Prostate specific antigen (PSA) levels are lowered by 64% two weeks after administration of degarelix, 85% after one month, 95% after three months, and remained suppressed (approximately 97%) throughout the one year of treatment.
From day 56 to day 364, there were no significant differences between degarelix and the comparator in the percentage change from baseline.
Effect on prostate volume: Three months therapy with degarelix (240/80 mg dose regimen) resulted in a 37% reduction in prostate volume as measured by trans-rectal ultrasound scan (TRUS) in patients requiring hormonal therapy prior to radiotherapy and in patients who were candidates for medical castration. The prostate volume reduction was similar to that attained with goserelin plus anti-androgen protection.

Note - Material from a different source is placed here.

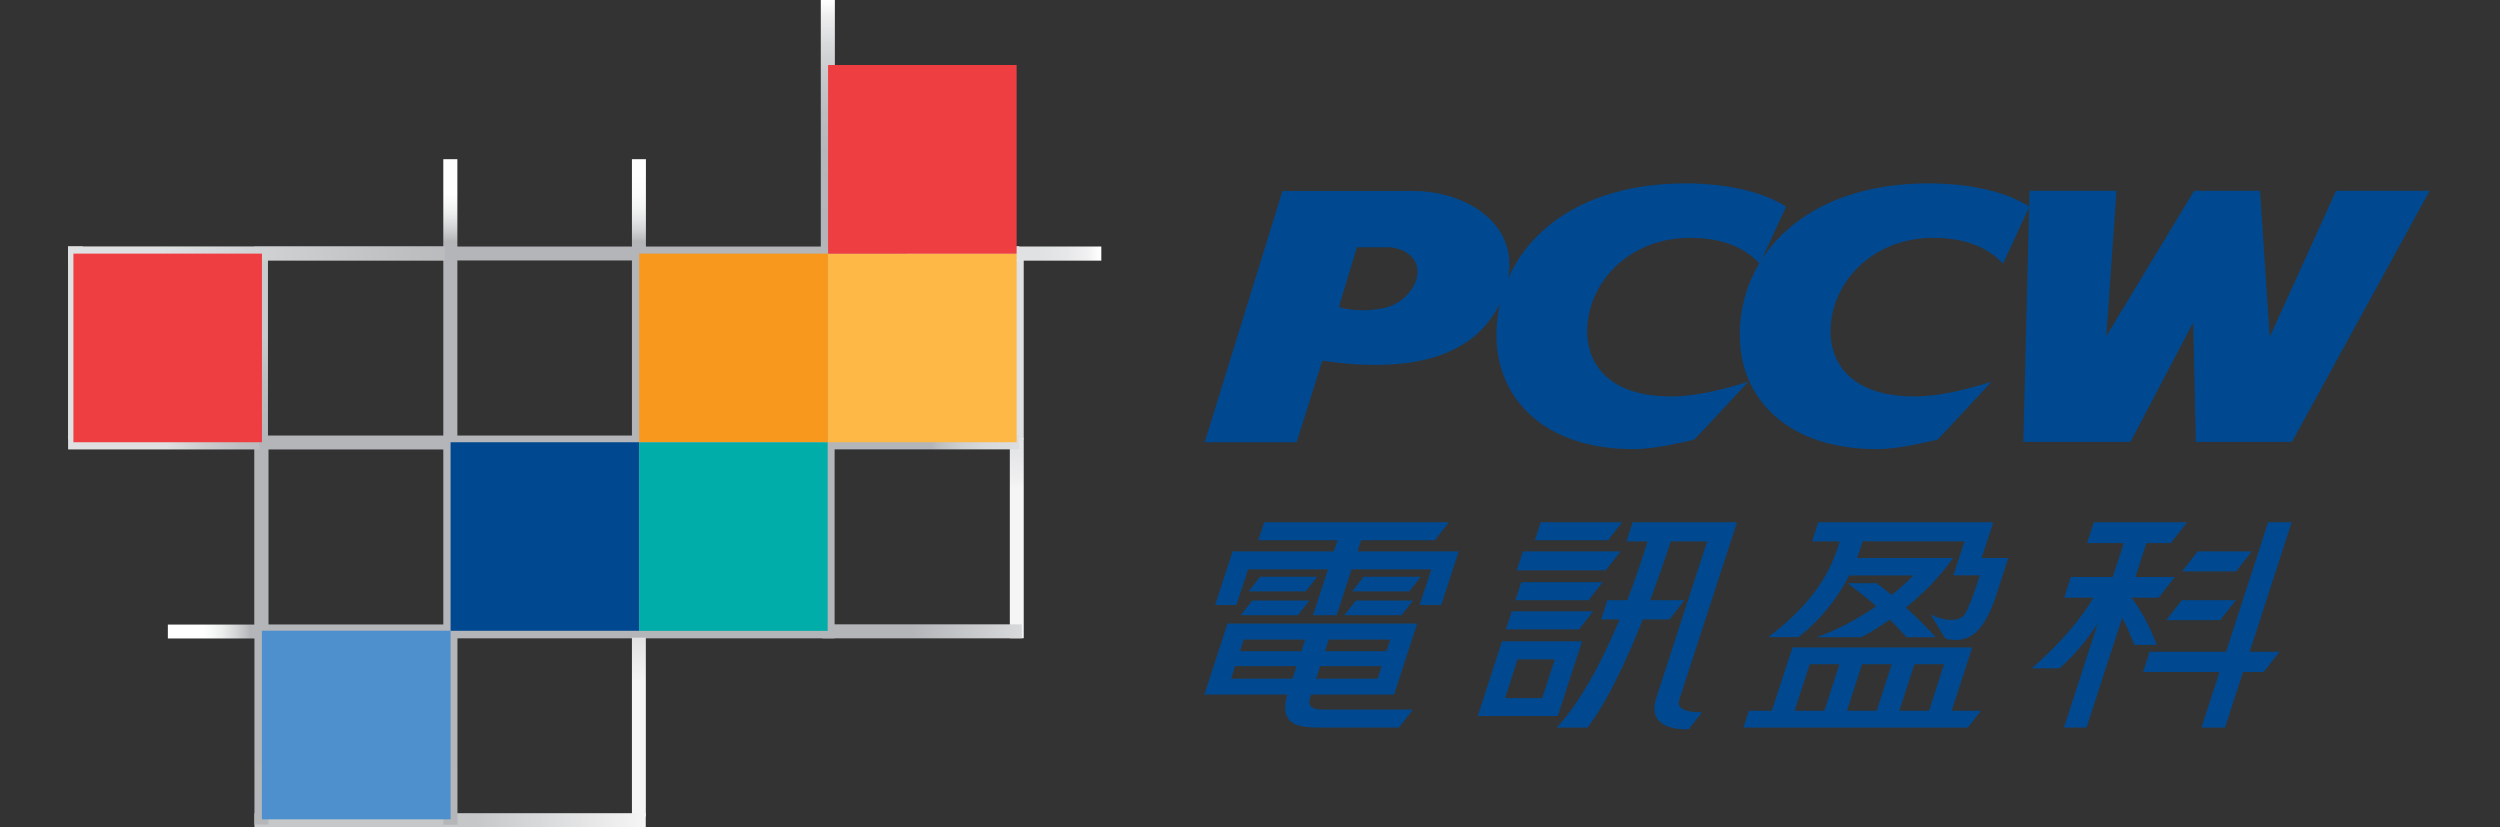 <?xml version="1.0" encoding="UTF-8"?><svg id="Layer_2" xmlns="http://www.w3.org/2000/svg" xmlns:xlink="http://www.w3.org/1999/xlink" viewBox="0 0 305.77 101.2"><rect x="0" y="0" width="305.77" height="101.2" fill="#333333" stroke="none"/><defs><style>.cls-1{fill:url(#linear-gradient-2);}.cls-2{fill:url(#linear-gradient-15);}.cls-3{fill:#f8991d;}.cls-4{fill:url(#linear-gradient-14);}.cls-5{fill:url(#linear-gradient-6);}.cls-6{fill:#4d90cd;}.cls-7{fill:url(#linear-gradient-11);}.cls-8{fill:url(#linear-gradient-10);}.cls-9{fill:url(#linear-gradient-16);}.cls-10,.cls-11{fill:#004990;}.cls-12{fill:#b3b5b8;}.cls-11{fill-rule:evenodd;}.cls-13{fill:#fdb845;}.cls-14{fill:url(#linear-gradient-5);}.cls-15{fill:#00ada8;}.cls-16{fill:url(#linear-gradient-7);}.cls-17{fill:#dfe0e1;}.cls-18{fill:url(#linear-gradient-9);}.cls-19{fill:#ef3e42;}.cls-20{fill:url(#linear-gradient-3);}.cls-21{fill:url(#linear-gradient);}.cls-22{fill:url(#linear-gradient-4);}.cls-23{fill:#c5c7c9;}.cls-24{fill:url(#linear-gradient-8);}.cls-25{fill:url(#linear-gradient-12);}.cls-26{fill:url(#linear-gradient-13);}</style><linearGradient id="linear-gradient" x1="31.67" y1="24.75" x2="20.49" y2="24.75" gradientTransform="translate(0 101.99) scale(1 -1)" gradientUnits="userSpaceOnUse"><stop offset=".1" stop-color="#b3b5b8"/><stop offset=".14" stop-color="#bec0c2"/><stop offset=".28" stop-color="#d9dadb"/><stop offset=".4" stop-color="#eceded"/><stop offset=".52" stop-color="#f8f9f9"/><stop offset=".62" stop-color="#fff"/></linearGradient><linearGradient id="linear-gradient-2" x1="-9656.78" y1="10787.94" x2="-9656.78" y2="10722.1" gradientTransform="translate(3060.16 3407.32) scale(.31 -.31)" gradientUnits="userSpaceOnUse"><stop offset=".1" stop-color="#b3b5b8"/><stop offset="1" stop-color="#f5f5f5"/></linearGradient><linearGradient id="linear-gradient-3" x1="-9575.98" y1="10831.19" x2="-9575.98" y2="10763.8" gradientTransform="translate(3081.42 3396.38) scale(.31 -.31)" gradientUnits="userSpaceOnUse"><stop offset=".1" stop-color="#dfe0e1"/><stop offset=".63" stop-color="#e0e1e2"/><stop offset=".82" stop-color="#e6e7e8"/><stop offset=".96" stop-color="#f0f0f1"/><stop offset="1" stop-color="#f5f5f5"/></linearGradient><linearGradient id="linear-gradient-4" x1="55.08" y1="71.34" x2="55.08" y2="82.6" xlink:href="#linear-gradient"/><linearGradient id="linear-gradient-5" x1="101.25" y1="71.18" x2="101.25" y2="101.8" gradientTransform="translate(0 101.99) scale(1 -1)" gradientUnits="userSpaceOnUse"><stop offset=".1" stop-color="#b3b5b8"/><stop offset=".4" stop-color="#b5b7ba"/><stop offset=".57" stop-color="#bcbec0"/><stop offset=".71" stop-color="#c8cacc"/><stop offset=".83" stop-color="#d8dadb"/><stop offset=".94" stop-color="#eeeeef"/><stop offset="1" stop-color="#fff"/></linearGradient><linearGradient id="linear-gradient-6" x1="78.15" y1="71.34" x2="78.15" y2="82.6" gradientTransform="translate(0 101.99) scale(1 -1)" gradientUnits="userSpaceOnUse"><stop offset=".1" stop-color="#b3b5b8"/><stop offset=".13" stop-color="#bdbfc1"/><stop offset=".23" stop-color="#d4d5d7"/><stop offset=".34" stop-color="#e5e6e7"/><stop offset=".46" stop-color="#f2f3f3"/><stop offset=".6" stop-color="#fbfbfb"/><stop offset=".81" stop-color="#fff"/></linearGradient><linearGradient id="linear-gradient-7" x1="55.88" y1="1.68" x2="78.74" y2="1.68" gradientTransform="translate(0 101.99) scale(1 -1)" gradientUnits="userSpaceOnUse"><stop offset=".1" stop-color="#c5c7c9"/><stop offset="1" stop-color="#f5f5f5"/></linearGradient><linearGradient id="linear-gradient-8" x1="-4044.91" y1="5457.34" x2="-3995.27" y2="5457.34" gradientTransform="translate(2037.93 2642.89) scale(.48 -.48)" gradientUnits="userSpaceOnUse"><stop offset="0" stop-color="#b3b5b8"/><stop offset=".46" stop-color="#b5b7b9"/><stop offset=".63" stop-color="#bbbdbf"/><stop offset=".75" stop-color="#c4c6c8"/><stop offset=".84" stop-color="#d3d4d6"/><stop offset=".93" stop-color="#e4e5e6"/><stop offset="1" stop-color="#fdfdfd"/><stop offset="1" stop-color="#fff"/></linearGradient><linearGradient id="linear-gradient-9" x1="-5805.41" y1="6727.4" x2="-5747.7" y2="6727.4" gradientTransform="translate(2491.74 2824.45) scale(.41 -.41)" gradientUnits="userSpaceOnUse"><stop offset=".1" stop-color="#b3b5b8"/><stop offset=".16" stop-color="#bfc1c3"/><stop offset=".26" stop-color="#cdcfd0"/><stop offset=".39" stop-color="#d7d9da"/><stop offset=".57" stop-color="#dddedf"/><stop offset="1" stop-color="#dfe0e1"/></linearGradient><linearGradient id="linear-gradient-10" x1="-5805.42" y1="6671.28" x2="-5747.7" y2="6671.28" gradientTransform="translate(2491.74 2824.45) scale(.41 -.41)" gradientUnits="userSpaceOnUse"><stop offset="0" stop-color="#b3b5b8"/><stop offset="1" stop-color="#f5f5f5"/></linearGradient><linearGradient id="linear-gradient-11" x1="110.88" y1="70.98" x2="134.56" y2="70.98" gradientTransform="translate(0 101.99) scale(1 -1)" gradientUnits="userSpaceOnUse"><stop offset=".28" stop-color="#dfe0e1"/><stop offset=".68" stop-color="#e0e1e2"/><stop offset=".82" stop-color="#e6e7e8"/><stop offset=".93" stop-color="#f0f0f1"/><stop offset="1" stop-color="#fff"/></linearGradient><linearGradient id="linear-gradient-12" x1="-5969.08" y1="6727.37" x2="-6033.8" y2="6727.37" gradientTransform="translate(2491.74 2824.45) scale(.41 -.41)" gradientUnits="userSpaceOnUse"><stop offset=".1" stop-color="#b3b5b8"/><stop offset=".37" stop-color="#b6b8ba"/><stop offset=".56" stop-color="#bebfc2"/><stop offset=".73" stop-color="#cbccce"/><stop offset=".89" stop-color="#dddedf"/><stop offset=".9" stop-color="#dfe0e1"/></linearGradient><linearGradient id="linear-gradient-13" x1="-6656.57" y1="-14007.34" x2="-6721.29" y2="-14007.34" gradientTransform="translate(5800.15 2796.95) rotate(90) scale(.41 -.41)" gradientUnits="userSpaceOnUse"><stop offset=".1" stop-color="#b3b5b8"/><stop offset=".54" stop-color="#b5b7ba"/><stop offset=".78" stop-color="#bcbec0"/><stop offset=".98" stop-color="#c8c9cb"/><stop offset="1" stop-color="#c9cbcd"/></linearGradient><linearGradient id="linear-gradient-14" x1="-5973.19" y1="6674.51" x2="-5973.19" y2="6611.49" gradientTransform="translate(2491.74 2824.45) scale(.41 -.41)" gradientUnits="userSpaceOnUse"><stop offset=".1" stop-color="#b3b5b8"/><stop offset=".59" stop-color="#b5b7b9"/><stop offset=".77" stop-color="#bbbdbf"/><stop offset=".89" stop-color="#c4c6c8"/><stop offset=".9" stop-color="#c5c7c9"/></linearGradient><linearGradient id="linear-gradient-15" x1="-5917.08" y1="6674.51" x2="-5917.08" y2="6609.82" xlink:href="#linear-gradient-14"/><linearGradient id="linear-gradient-16" x1="-5328.57" y1="6785.08" x2="-5449.31" y2="6785.08" gradientTransform="translate(2253.21 2826.45) scale(.41 -.41)" gradientUnits="userSpaceOnUse"><stop offset=".1" stop-color="#b3b5b8"/><stop offset=".36" stop-color="#bcbec0"/><stop offset=".79" stop-color="#d2d4d5"/><stop offset="1" stop-color="#dfe0e1"/></linearGradient></defs><g><path class="cls-12" d="m100.39,31.84v21.43h-21.4v-21.43h21.4Zm-44.44,44.54v-21.41h21.37v21.41h-21.37Zm23.05-21.41h21.39v21.41h-21.39v-21.41Zm-24.78,21.41h-21.38v-21.41h21.38v21.41Zm-21.46-44.52h21.46v21.41h-21.46v-21.41Zm44.53,0v21.41h-21.35v-21.41h21.35Zm24.8-1.71H31.1v47.92s70.98,0,70.98,0V30.14Z"/><rect class="cls-17" x="123.51" y="31.34" width="1.7" height="22.39"/><rect class="cls-21" x="20.53" y="76.39" width="11.18" height="1.7"/><rect class="cls-1" x="77.29" y="77.99" width="1.7" height="21.88"/><rect class="cls-20" x="123.51" y="53.6" width="1.7" height="24.46"/><rect class="cls-22" x="54.22" y="19.47" width="1.72" height="11.21"/><rect class="cls-14" x="100.39" width="1.72" height="31.03"/><rect class="cls-5" x="77.29" y="19.47" width="1.71" height="11.21"/><rect class="cls-16" x="54.43" y="99.46" width="24.55" height="1.71"/><rect class="cls-23" x="31.12" y="99.47" width="24.34" height="1.7"/><polygon class="cls-24" points="124.66 30.14 124.65 31.87 100.39 31.87 100.39 30.14 124.66 30.14"/><rect class="cls-18" x="100.89" y="53.25" width="23.76" height="1.71"/><polygon class="cls-8" points="124.97 76.36 100.58 76.36 100.58 78.07 124.99 78.07 124.97 76.36"/><rect class="cls-7" x="110.93" y="30.15" width="23.77" height="1.73"/><rect class="cls-25" x="8.33" y="53.27" width="23.4" height="1.7"/><rect class="cls-26" x="31.09" y="31.36" width="1.67" height="22.37"/><rect class="cls-17" x="8.32" y="30.14" width="1.82" height="23.59"/><rect class="cls-4" x="31.12" y="77.49" width="1.71" height="23.36"/><rect class="cls-2" x="54.22" y="77.36" width="1.73" height="23.51"/><rect class="cls-9" x="8.33" y="30.14" width="46.1" height="1.71"/><g><rect class="cls-13" x="101.28" y="31.02" width="23.06" height="23.07"/><rect class="cls-3" x="78.18" y="31.02" width="23.08" height="23.07"/><rect class="cls-19" x="101.28" y="7.95" width="23.06" height="23.08"/><rect class="cls-10" x="55.11" y="54.09" width="23.06" height="23.06"/><rect class="cls-15" x="78.17" y="54.1" width="23.06" height="23.06"/><rect class="cls-6" x="32.03" y="77.14" width="23.08" height="23.07"/><rect class="cls-19" x="8.98" y="31.02" width="23.06" height="23.07"/></g></g><g><g><path class="cls-10" d="m238.54,52.11l5.05-5.43c-2.59.83-6.26,1.81-9.42,1.81-8.03,0-10.31-4.35-10.29-8,.03-5.73,4.91-11.4,12.62-11.4,4.87,0,7.26,1.86,8.49,3.16l3.22-6.97c-4.37-2.83-11.04-2.85-12.28-2.85-15.24,0-23.14,8.83-23.14,18.53,0,7.83,5.87,13.97,16.72,13.97,2.9,0,6.14-.89,7.45-1.15l1.59-1.66Z"/><path class="cls-10" d="m208.79,52.11l5.05-5.43c-2.6.83-6.26,1.81-9.43,1.81-8.03,0-10.31-4.35-10.29-8,.03-5.73,4.91-11.4,12.62-11.4,4.87,0,7.27,1.86,8.49,3.16l3.22-6.97c-4.37-2.83-11.04-2.85-12.28-2.85-15.24,0-23.14,8.83-23.14,18.53,0,7.83,5.87,13.97,16.72,13.97,2.91,0,6.14-.89,7.45-1.15l1.59-1.66Z"/><path class="cls-10" d="m172.95,23.36h-16.09l-9.52,30.73h11.24l3.15-9.98c1.81.27,4.03.52,6.28.52,3.06,0,7.53-.26,11.35-2.78,3.06-2.04,5.13-5.66,5.25-9.16.21-6.17-6.21-9.33-11.67-9.33Zm.28,10.84c-.35,1.2-1.84,3.38-4.9,3.63-1.46.23-3.33.12-4.58-.28l2.21-7.31h3.72c1.96,0,4.3,1.32,3.55,3.96Z"/><path class="cls-10" d="m280.31,54.05h-11.74l-.32-14.61-7.68,14.61h-13.1l.76-30.71h10.63l-1.24,17.78,10.74-17.78h8.06l1.18,17.89,8.12-17.89h11.44l-16.84,30.71Z"/></g><g><polygon class="cls-10" points="154.62 63.88 177.2 63.88 175.49 66.08 166.47 66.08 166.03 67.44 175.76 67.44 178.41 67.44 176.28 74 173.63 74 175.06 69.63 165.31 69.63 163.49 75.24 160.6 75.24 162.43 69.63 152.66 69.63 151.22 74 148.62 74 150.05 69.63 150.76 67.44 153.38 67.44 163.14 67.44 163.59 66.08 153.9 66.08 154.62 63.88"/><path class="cls-10" d="m162.52,78.22l-.46,1.43h7.52l.46-1.43h-7.52Zm-3.35,1.43l.46-1.43h-7.51l-.46,1.43h7.51Zm1.8,3.36h7.52l.5-1.54h-7.52l-.5,1.54Zm-10.4,0h7.51l.5-1.54h-7.51l-.5,1.54Zm18.47,1.94h-8.7c-.06.17-.1.34-.14.48-.06.24-.1.48-.03.69.15.49.72.67,1.74.67h10.9l-1.71,2.19h-10c-2.95,0-3.51-.81-3.8-1.65-.15-.44-.14-.92-.07-1.37.05-.39.14-.74.22-1.01h-10.14l2.82-8.68h23.2l-2.82,8.68h-1.46Z"/><path class="cls-10" d="m183.37,87.57h-2.62l2.96-9.13h9.79l-2.97,9.13h-7.17Zm2.25-6.93l-1.54,4.74h4.55l1.54-4.74h-4.55Z"/><path class="cls-10" d="m212.45,63.88l-7.06,21.7c-.5,1.48,1.81,1.53,2.78,1.53l-1.62,2.08s-5.32.42-3.99-3.77c.14-.44,4.45-13.72,6.24-19.2h-4.45c-.6,1.81-1.47,4.38-2.52,7.19h4.19l-1.83,2.35h-3.26c-1.94,4.88-4.34,10.08-6.77,13.23h-3.77c3.1-3.33,5.72-8.47,7.7-13.23h-2.26l.76-2.35h2.44c1.1-2.86,1.94-5.43,2.48-7.19h-2.58l.76-2.34h12.77Z"/><path class="cls-10" d="m229.52,71.33c.51.36,1.15.86,1.84,1.44,1.01-.8,1.92-1.62,2.66-2.39h-7.85c-1.26,2.46-3.2,5.2-6.21,7.55h-3.68c4.43-3.38,7.39-6.94,8.73-11.71h-3.38l.76-2.34h21.4l-1.42,4.37h3.26l-1.43,4.4c-1.43,4.42-3.18,6.18-6.26,5.47l-1.82-2.98c1.61.84,3.39.94,4.12.09.38-.45,1.15-2.54,1.16-2.6l.75-2.26h-3.23l1.35-4.16h-12.45c-.18.61-.41,1.3-.7,2.04h11.74c-1.65,2.41-3.78,4.46-5.76,6.05,1.4,1.27,2.77,2.63,3.64,3.63h-3.55c-.79-.86-1.46-1.57-2.04-2.15-1.69,1.19-3.04,1.94-3.52,2.15h-5.49c2.28-.72,4.96-2.15,7.34-3.78-1.2-1.1-2.07-1.71-3.51-2.82h3.56Z"/><path class="cls-10" d="m221.34,81.24l-1.85,5.69h3.65l1.84-5.69h-3.64Zm19.81-1.85l-.47,1.45.47-1.45Zm0,0l-.47,1.45-.13.4-1.85,5.69h3.58l-1.6,2.06h-27.45l.67-2.06h2.81l2.46-7.54.07-.2h21.97l-.06.2h0Zm-11.61,7.54l1.84-5.69h-3.64l-1.84,5.69h3.64Zm4.61-5.69l-1.85,5.69h3.64l1.84-5.69h-3.64Z"/><path class="cls-10" d="m256.59,76.23c-1.15,1.76-2.67,3.73-4.69,5.51h-3.41c3.76-3.21,6.38-6.57,7.55-8.64h-3.57l.82-2.53h5.12l1.35-4.15h-4.5l.83-2.54h11.4l-1.99,2.54h-2.98l-1.34,4.15h4.82l-1.98,2.53h-3.33c1.28,1.69,2.42,3.88,3.08,5.77h-2.73c-.55-1.44-1.03-2.49-1.48-3.31l-4.36,13.42h-2.76l4.14-12.75Z"/><polygon class="cls-10" points="280.29 63.88 275.15 79.71 278.81 79.71 276.86 82.19 274.34 82.19 272.14 88.99 269.26 88.99 271.46 82.19 262.12 82.19 262.92 79.71 272.27 79.71 277.41 63.88 280.29 63.88"/><polygon class="cls-11" points="268.8 67.44 275.4 67.44 273.5 69.89 266.89 69.89 268.8 67.44"/><polygon class="cls-11" points="266.86 73.41 273.46 73.41 271.55 75.85 264.95 75.85 266.86 73.41"/><polygon class="cls-11" points="188.44 63.88 198.38 63.88 196.67 66.08 187.72 66.08 188.44 63.88"/><polygon class="cls-11" points="186.27 67.44 198.19 67.44 196.4 69.76 185.51 69.76 186.27 67.44"/><polygon class="cls-11" points="186.07 71.21 196.01 71.21 194.29 73.41 185.34 73.41 186.07 71.21"/><polygon class="cls-11" points="184.91 74.77 194.85 74.77 193.13 76.97 184.18 76.97 184.91 74.77"/><polygon class="cls-11" points="166.78 70.55 173.76 70.55 172.37 72.33 165.38 72.33 166.78 70.55"/><polygon class="cls-11" points="165.83 73.45 172.81 73.45 171.42 75.24 164.43 75.24 165.83 73.45"/><polygon class="cls-11" points="154.11 70.55 161.1 70.55 159.7 72.33 152.72 72.33 154.11 70.55"/><polygon class="cls-11" points="153.16 73.45 160.15 73.45 158.75 75.24 151.76 75.24 153.16 73.45"/></g></g></svg>

Effect on QT/QTc intervals: In the confirmatory study comparing FIRMAGON to leuprorelin periodic electrocardiograms were performed. Both therapies showed QT/QTc intervals exceeding 450 msec in approximately 20% of the patients. From baseline to end of study the median change for FIRMAGON was 12.0 msec and for leuprorelin it was 16.7 msec.
Anti-degarelix antibody development has been observed in 10% of patients after treatment with FIRMAGON for one year and 29% of patients after treatment with FIRMAGON for up to 5.5 years. There is no indication that the efficacy or safety of FIRMAGON treatment is affected by antibody formation after up to 5.5 years of treatment.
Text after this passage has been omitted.